The original arcade version of Space Invaders was programmed by Toshihiro Nishikado for Taito in 1978. Midway arranged to distribute the game in the United States following its success in Japan. By January 1979, Atari, Inc. had obtained the license from Taito to develop home versions of Space Invaders. Rob Fulop, who had joined Atari in 1978, designed and programmed a new version of Space Invaders for Atari 8-bit computers. Brenda Laurel was a producer for the game, as the lead of the team of strategists who worked with the programmers on Atari 400/800 games for this and other arcade ports. At the time, Atari's programmers had creative freedom and did not have to submit their design plans for approval. Fulop chose to develop a version of the popular arcade game. He had seen Rick Maurer's Atari 2600 port of Space Invaders and was very impressed; Fulop considered it a programming feat to animate that many characters and create that many game variations.

The game features gameplay and graphics different from the source material. Changes include a spaceship on the left side of the playfield, new character designs for the invaders, and a new scoring system. Reflecting on the changes he made, Fulop called his reasoning "very simple and somewhat embarrassing." After developing a video game port of Night Driver (1980) for the Atari 2600, he felt he was "far too cool to do another straight port of an existing coin-op game." Fulop programmed Space Invaders in machine language. At the time of development, Atari developers had their own computer terminal to write code. Fulop created the graphics first on graph paper and then converted each line of drawn pixels into corresponding hexadecimal data that he coded into the program.
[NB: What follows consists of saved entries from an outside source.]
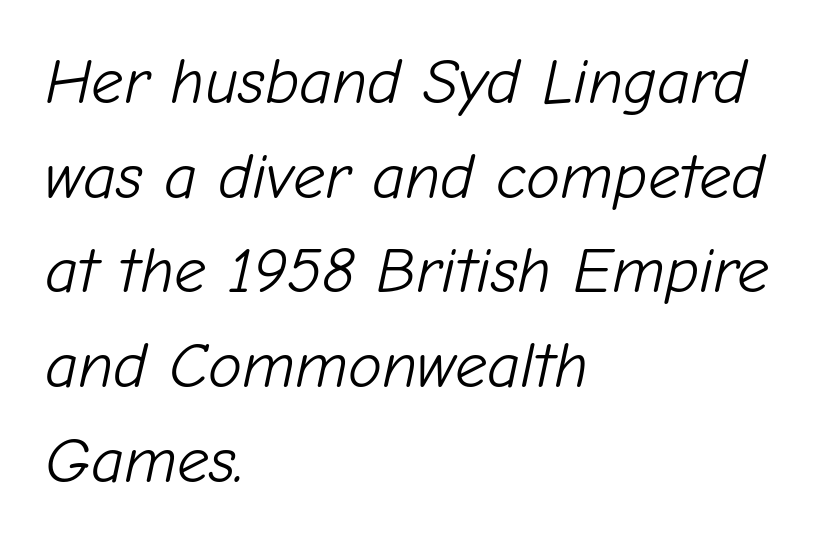
Q: Is the text bold? A: No.
Q: Is the text italic (slanted)? A: Yes, it leans right by about 12 degrees.
Q: Is the text underlined? A: No.
Q: How is the paragraph aligned? A: Left-aligned.
Q: Is the spacing between letters normal or unusually wide? A: Normal.
Q: Is the spacing between lines tight, normal or loose? A: Normal.
Q: Width (condensed, normal, or wide)? A: Normal.
Q: Stroke contrast? A: Low.
Q: x-height? A: Medium.
Q: Monospaced? A: No.

During this period in Atari's history, the company did not credit game designers. However, Fulop hid his initials within the game. When the spaceship on the left side of the screen reaches the bottom of the playfield, two of the very lowest aliens turn into letters R.F.

==Release and reception==

Space Invaders was released for Atari 400/800 computers in 1980. Atari first released the game in cassette format and later followed it with a ROM cartridge version. While sources such as Electronic Games have described Atari's later Atari 5200 release of Space Invaders as very similar to the Atari 400/800 version of the game, it features further deviations in gameplay to other earlier official releases of the game.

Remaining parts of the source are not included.